Energy storage devices can be categorized into two primary types: double-layer electrochemical storage devices and pseudostorage devices [10]. The latter involve electrodes in these devices undergoing oxidation and reduction reactions with electrolyte ions, leading to chemical transformations [11]. Countless experiments and research efforts have been dedicated to developing superior electrode materials for capacitors. While a range of metal oxides have been explored, ferric oxide has garnered attention due to its relative scarcity, coupled with its non-toxicity and affordability, rendering it a subject of study as a supercapacitor (SC) material [12,13,14,15]. Recent studies have focused on nanoscale ferric oxides, highlighting their potential [16,17].

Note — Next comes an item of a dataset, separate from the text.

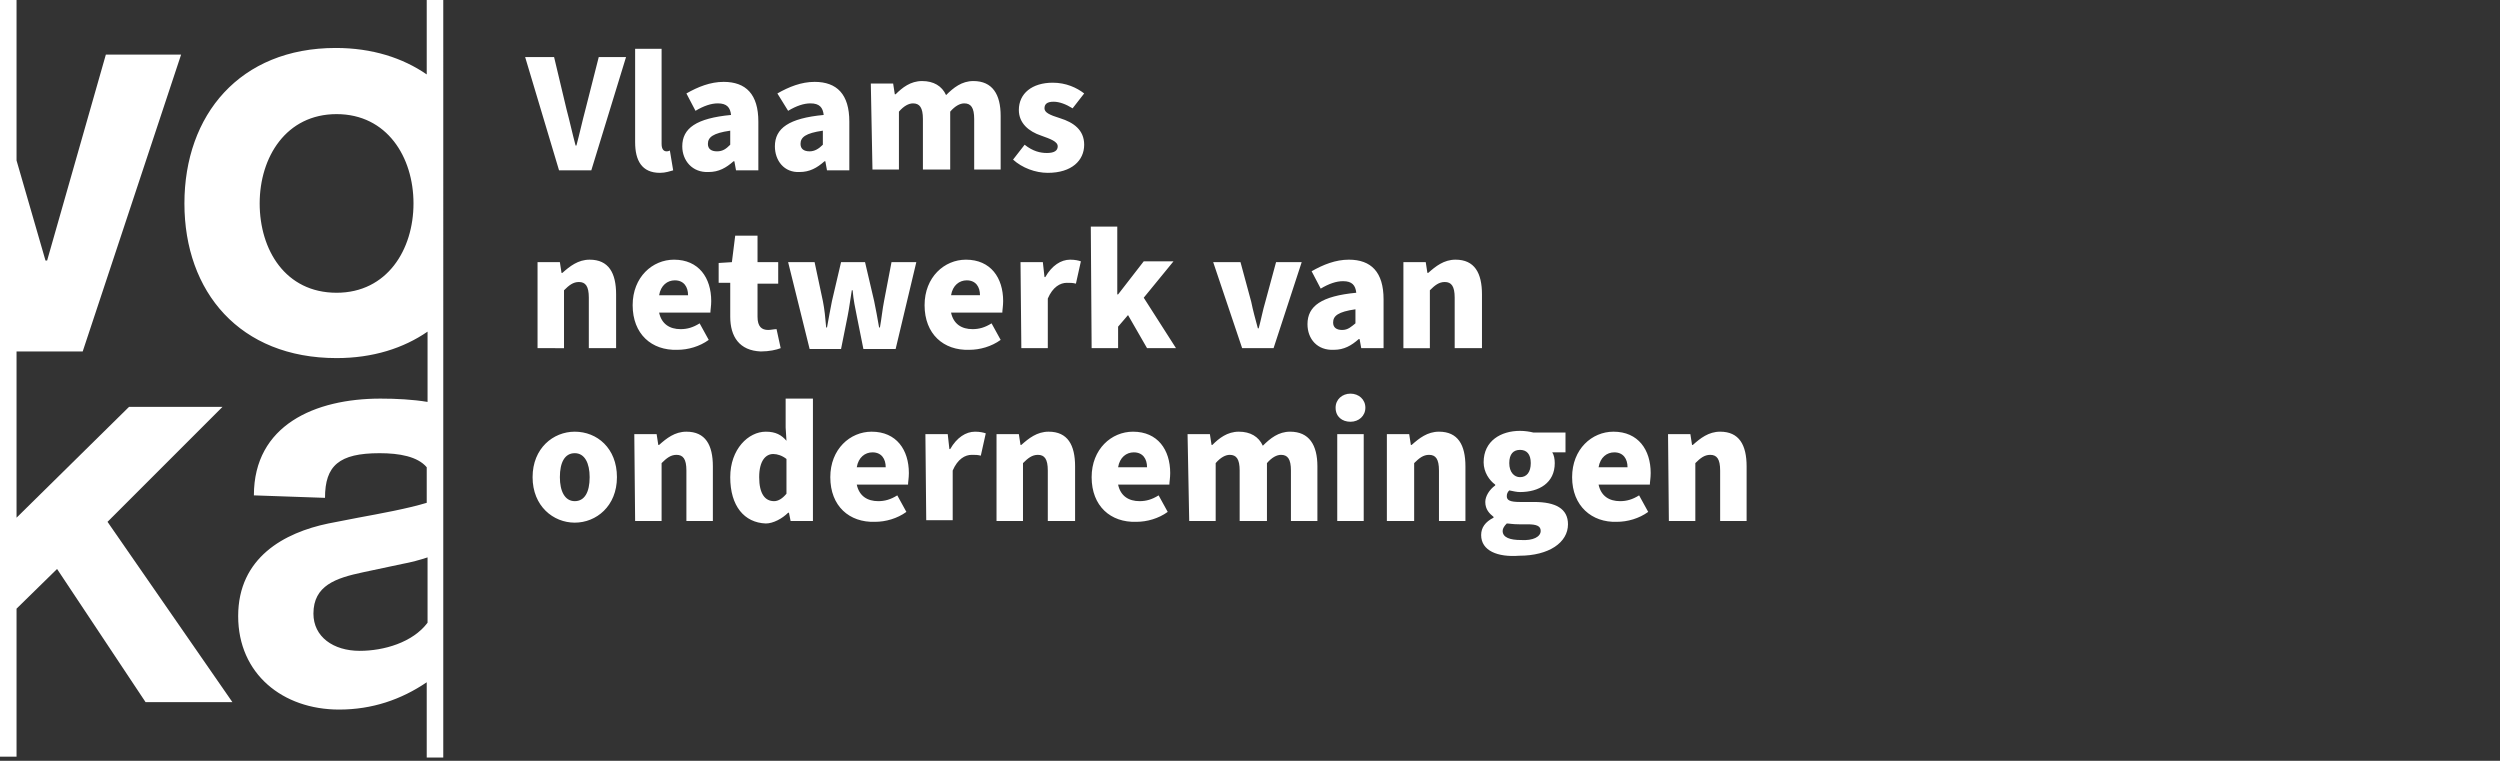 <svg version="1.1" id="Layer_1" xmlns="http://www.w3.org/2000/svg" x="0" y="0" width="302.3" height="92" viewBox="0 0 302.3 92" xml:space="preserve"><rect x="0" y="0" width="302.3" height="92" fill="#333333" stroke="none"/><style>.st0{fill:#fff}</style><path class="st0" d="M13 63.1l13.9-13.9H15.6L2 62.6V42.5h8L21.9 6.6h-9.1L5.7 31.5h-.2L2 19.4V0H0v91.5h2V73.6l4.9-4.8 10.7 16.1h10.5L13 63.1z"/><path class="st0" d="M51.6 0v9c-2.9-2-6.6-3.2-11-3.2-11.6 0-18.3 8.1-18.3 18.8S29 43.3 40.7 43.3c4.4 0 8.1-1.2 11-3.2v8.5c-1.8-.3-3.8-.4-5.7-.4-7.9 0-15.3 3.2-15.3 11.7l8.6.3c0-3.9 1.7-5.4 6.6-5.4 2.4 0 4.6.4 5.7 1.7v4.3c-2.3.7-5.6 1.3-8.3 1.8l-3.6.7c-5.3 1.1-10.9 4.1-10.9 11.2 0 7 5.4 11.3 12.2 11.3 4 0 7.5-1.2 10.6-3.3v9.1h2V0h-2zM40.7 35.4c-6.2 0-9.3-5.2-9.3-10.8s3.2-10.8 9.3-10.8S50 19 50 24.6s-3.2 10.8-9.3 10.8zm2.8 43.3c-3.2 0-5.6-1.7-5.6-4.5 0-3.4 2.7-4.3 6-5l4.7-1c1.1-.2 2.2-.5 3.1-.8v7.9c-1.8 2.4-5.3 3.4-8.2 3.4zm20-71.8H67l1.5 6.3c.4 1.5.7 2.9 1.1 4.4h.1c.4-1.5.7-2.9 1.1-4.4l1.6-6.3h3.3l-4.2 13.7h-3.9L63.5 6.9zm13.3 10.3V5.9H80v11.5c0 .7.3.9.6.9.1 0 .2 0 .4-.1l.4 2.4c-.4.1-.9.3-1.6.3-2.2 0-3-1.5-3-3.7zm5.7.5c0-2.2 1.7-3.4 5.9-3.8-.1-.9-.5-1.4-1.6-1.4-.8 0-1.7.3-2.7.9L83 11.3c1.4-.8 2.9-1.4 4.5-1.4 2.7 0 4.2 1.5 4.2 4.8v5.9H89l-.2-1.1h-.1c-.9.8-1.8 1.3-3 1.3-2 .1-3.2-1.4-3.2-3.1zm5.8-.2v-1.7c-2.1.3-2.7.8-2.7 1.6 0 .6.4.9 1.1.9.7 0 1.1-.3 1.6-.8zm5.4.2c0-2.2 1.7-3.4 5.9-3.8-.1-.9-.5-1.4-1.6-1.4-.8 0-1.7.3-2.7.9L94 11.3c1.4-.8 2.9-1.4 4.5-1.4 2.7 0 4.2 1.5 4.2 4.8v5.9H100l-.2-1.1h-.1c-.9.8-1.8 1.3-3 1.3-1.9.1-3-1.4-3-3.1zm5.8-.2v-1.7c-2.1.3-2.7.8-2.7 1.6 0 .6.4.9 1.1.9.6 0 1.1-.3 1.6-.8zm5.8-7.4h2.7l.2 1.3h.1c.8-.8 1.8-1.6 3.2-1.6 1.4 0 2.4.6 2.9 1.7.9-.9 1.9-1.7 3.3-1.7 2.3 0 3.3 1.6 3.3 4.2v6.5h-3.2v-6.1c0-1.4-.4-1.9-1.2-1.9-.5 0-1.1.3-1.7 1v7h-3.3v-6.1c0-1.4-.4-1.9-1.2-1.9-.5 0-1.1.3-1.7 1v7h-3.2l-.2-10.4zm17.2 9.2l1.4-1.8c1 .8 1.9 1 2.7 1 .9 0 1.3-.3 1.3-.8 0-.6-.9-.9-2-1.3-1.5-.5-2.7-1.5-2.7-3.1 0-2 1.6-3.3 4.1-3.3 1.6 0 2.9.6 3.8 1.3l-1.4 1.8c-.8-.5-1.6-.8-2.3-.8-.8 0-1.1.3-1.1.8s.6.8 1.9 1.2c1.6.5 2.9 1.4 2.9 3.2 0 1.9-1.5 3.4-4.4 3.4-1.5 0-3.1-.6-4.2-1.6zM65 31.7h2.7l.2 1.3h.1c.9-.8 1.9-1.6 3.3-1.6 2.3 0 3.2 1.6 3.2 4.2v6.5h-3.3V36c0-1.4-.4-1.9-1.2-1.9-.7 0-1.2.4-1.8 1v7H65V31.7zm11.5 5.2c0-3.4 2.4-5.5 5-5.5 3 0 4.5 2.2 4.5 5 0 .6-.1 1.1-.1 1.4h-6.2c.3 1.4 1.3 2 2.6 2 .8 0 1.5-.2 2.3-.7l1.1 2c-1.1.8-2.5 1.2-3.8 1.2-3.1.1-5.4-1.9-5.4-5.4zm6.7-1.2c0-1-.5-1.8-1.6-1.8-.9 0-1.7.6-1.9 1.8h3.5zm5.1 2.6v-4.1h-1.4v-2.4l1.6-.1.4-3.2h2.7v3.2h2.5v2.6h-2.5v4c0 1.2.5 1.6 1.3 1.6.3 0 .7-.1 1-.1l.5 2.3c-.5.2-1.4.4-2.4.4-2.6-.1-3.7-1.8-3.7-4.2zm7-6.6h3.2l1 4.7c.2 1 .3 2 .4 3.2h.1c.2-1.1.4-2.2.6-3.2l1.1-4.7h2.9l1.1 4.7c.2 1 .4 2 .6 3.2h.1c.2-1.1.3-2.2.5-3.2l.9-4.7h3l-2.5 10.5h-3.9l-.8-4c-.2-1-.4-1.9-.5-3.1h-.1c-.2 1.2-.3 2.1-.5 3.1l-.8 4h-3.8l-2.6-10.5zm16.5 5.2c0-3.4 2.4-5.5 5-5.5 3 0 4.5 2.2 4.5 5 0 .6-.1 1.1-.1 1.4H115c.3 1.4 1.3 2 2.6 2 .8 0 1.5-.2 2.3-.7l1.1 2c-1.1.8-2.5 1.2-3.8 1.2-3.1.1-5.4-1.9-5.4-5.4zm6.7-1.2c0-1-.5-1.8-1.6-1.8-.9 0-1.7.6-1.9 1.8h3.5zm4.9-4h2.7l.2 1.8h.1c.8-1.4 1.9-2.1 3-2.1.6 0 1 .1 1.3.2l-.6 2.7c-.4-.1-.6-.1-1.1-.1-.8 0-1.7.5-2.3 1.9v6h-3.2l-.1-10.4zm8.5-4.3h3.2v8.2h.1l3.1-4h3.6l-3.6 4.4 3.9 6.1h-3.5l-2.3-4-1.2 1.4v2.6H132l-.1-14.7zm14.8 4.3h3.3l1.3 4.8c.2 1 .5 2.1.8 3.2h.1c.3-1.1.5-2.2.8-3.2l1.3-4.8h3.1L154 42.1h-3.8l-3.5-10.4zm11.4 7.5c0-2.2 1.7-3.4 5.9-3.8-.1-.9-.5-1.4-1.6-1.4-.8 0-1.7.3-2.7.9l-1.1-2.1c1.4-.8 2.9-1.4 4.5-1.4 2.7 0 4.2 1.5 4.2 4.8v5.9h-2.7l-.2-1.1h-.1c-.9.8-1.8 1.3-3 1.3-2 .1-3.2-1.3-3.2-3.1zm5.8-.1v-1.7c-2.1.3-2.7.8-2.7 1.6 0 .6.4.9 1.1.9.7 0 1.1-.4 1.6-.8zm5.8-7.4h2.7l.2 1.3h.1c.9-.8 1.9-1.6 3.3-1.6 2.3 0 3.2 1.6 3.2 4.2v6.5h-3.3V36c0-1.4-.4-1.9-1.2-1.9-.7 0-1.2.4-1.8 1v7h-3.2V31.7zm-105.3 26c0-3.5 2.5-5.5 5.1-5.5 2.7 0 5.1 2 5.1 5.5s-2.5 5.5-5.1 5.5c-2.6 0-5.1-2-5.1-5.5zm6.9 0c0-1.7-.6-2.9-1.8-2.9-1.2 0-1.8 1.1-1.8 2.9 0 1.7.6 2.9 1.8 2.9 1.2 0 1.8-1.1 1.8-2.9zm5.4-5.2h2.7l.2 1.3h.1c.9-.8 1.9-1.6 3.3-1.6 2.3 0 3.2 1.6 3.2 4.2V63H83v-6.1c0-1.4-.4-1.9-1.2-1.9-.7 0-1.2.4-1.8 1v7h-3.2l-.1-10.5zm11.6 5.2c0-3.4 2.2-5.5 4.3-5.5 1.2 0 1.9.4 2.5 1.1l-.1-1.6v-3.5h3.3V63h-2.7l-.2-1h-.1c-.7.7-1.8 1.3-2.7 1.3-2.6-.1-4.3-2.1-4.3-5.6zm6.8 2v-4.2c-.5-.4-1.1-.6-1.6-.6-.9 0-1.7.8-1.7 2.8 0 2 .7 2.9 1.8 2.9.5 0 1-.3 1.5-.9zm5.3-2c0-3.4 2.4-5.5 5-5.5 3 0 4.5 2.2 4.5 5 0 .6-.1 1.1-.1 1.4h-6.2c.3 1.4 1.3 2 2.6 2 .8 0 1.5-.2 2.3-.7l1.1 2c-1.1.8-2.5 1.2-3.8 1.2-3.1.1-5.4-1.9-5.4-5.4zm6.7-1.2c0-1-.5-1.8-1.6-1.8-.9 0-1.7.6-1.9 1.8h3.5zm4.8-4h2.7l.2 1.8h.1c.8-1.4 1.9-2.1 3-2.1.6 0 1 .1 1.3.2l-.6 2.7c-.4-.1-.6-.1-1.1-.1-.8 0-1.7.5-2.3 1.9v6H112l-.1-10.4zm8.6 0h2.7l.2 1.3h.1c.9-.8 1.9-1.6 3.3-1.6 2.3 0 3.2 1.6 3.2 4.2V63h-3.3v-6.1c0-1.4-.4-1.9-1.2-1.9-.7 0-1.2.4-1.8 1v7h-3.2V52.5zm11.5 5.2c0-3.4 2.4-5.5 5-5.5 3 0 4.5 2.2 4.5 5 0 .6-.1 1.1-.1 1.4h-6.2c.3 1.4 1.3 2 2.6 2 .8 0 1.5-.2 2.3-.7l1.1 2c-1.1.8-2.5 1.2-3.8 1.2-3.1.1-5.4-1.9-5.4-5.4zm6.7-1.2c0-1-.5-1.8-1.6-1.8-.9 0-1.7.6-1.9 1.8h3.5zm4.9-4h2.7l.2 1.3h.1c.8-.8 1.8-1.6 3.2-1.6 1.4 0 2.4.6 2.9 1.7.9-.9 1.9-1.7 3.3-1.7 2.3 0 3.3 1.6 3.3 4.2V63h-3.2v-6.1c0-1.4-.4-1.9-1.2-1.9-.5 0-1.1.3-1.7 1v7h-3.3v-6.1c0-1.4-.4-1.9-1.2-1.9-.5 0-1.1.3-1.7 1v7h-3.2l-.2-10.5zm17.9-3.2c0-1 .8-1.7 1.8-1.7s1.8.7 1.8 1.7-.8 1.7-1.8 1.7-1.8-.6-1.8-1.7zm.2 3.2h3.2V63h-3.2V52.5zm6 0h2.7l.2 1.3h.1c.9-.8 1.9-1.6 3.3-1.6 2.3 0 3.2 1.6 3.2 4.2V63H174v-6.1c0-1.4-.4-1.9-1.2-1.9-.7 0-1.2.4-1.8 1v7h-3.3V52.5zm11.4 12.2c0-.9.5-1.6 1.5-2.1v-.1c-.5-.4-1-.9-1-1.8 0-.7.5-1.5 1.2-2v-.1c-.7-.5-1.4-1.5-1.4-2.7 0-2.6 2.1-3.8 4.4-3.8.6 0 1.2.1 1.6.2h3.9v2.4h-1.6c.2.3.3.8.3 1.3 0 2.4-1.9 3.5-4.2 3.5-.4 0-.8-.1-1.3-.2-.2.2-.3.4-.3.7 0 .5.4.7 1.6.7h1.7c2.6 0 4.1.8 4.1 2.7 0 2.2-2.3 3.8-5.9 3.8-2.6.2-4.6-.6-4.6-2.5zm7.2-.5c0-.6-.5-.8-1.6-.8h-1c-.8 0-1.2-.1-1.5-.1-.3.3-.5.6-.5.9 0 .8.9 1.1 2.2 1.1 1.5.1 2.4-.4 2.4-1.1zm-1.2-8.2c0-1.1-.5-1.6-1.3-1.6s-1.3.5-1.3 1.6.6 1.7 1.3 1.7c.8 0 1.3-.6 1.3-1.7zm5 1.7c0-3.4 2.4-5.5 5-5.5 3 0 4.5 2.2 4.5 5 0 .6-.1 1.1-.1 1.4h-6.2c.3 1.4 1.3 2 2.6 2 .8 0 1.5-.2 2.3-.7l1.1 2c-1.1.8-2.5 1.2-3.8 1.2-3 .1-5.4-1.9-5.4-5.4zm6.7-1.2c0-1-.5-1.8-1.6-1.8-.9 0-1.7.6-1.9 1.8h3.5zm4.9-4h2.7l.2 1.3h.1c.9-.8 1.9-1.6 3.3-1.6 2.3 0 3.2 1.6 3.2 4.2V63H208v-6.1c0-1.4-.4-1.9-1.2-1.9-.7 0-1.2.4-1.8 1v7h-3.2l-.1-10.5z"/></svg>

Ferric oxide’s utilization as an anode material has been favored owing to its cost-effectiveness, potent power generation capabilities, and low toxicity. The nanostructure of ferric oxide, often described as a hybrid nanostructure, results from the gradual oxidation of iron, yielding diverse sizes and augmented capacity. Within this category, one can find notable examples like nanoporous materials, tendrils, and nanotubes [18]. In some instances, metals are enhanced through amalgamation with metal–organic framework (MOF) materials [19,20].

The amalgamation of metal oxides and polymers in SC pastes has yielded a promising field of study, exploring how these materials synergistically impact SC performance [21,22,23]. Here, polymers play a role in augmenting the charge that surpasses that of oxide materials [24,25]. For instance, the enhancement in capacitance has seen CoO/CuO achieving 40 F/g, with Gd composites only reaching 2.5 F/g [26]. The pursuit of an optimal capacitor necessitates a focus on the reproducibility of oxidation and reduction reactions alongside high charge storage capacity. Solely relying on polymers within SC pastes does not yield sufficient capacitance, with certain studies even reporting values as low as 0.03 F/g.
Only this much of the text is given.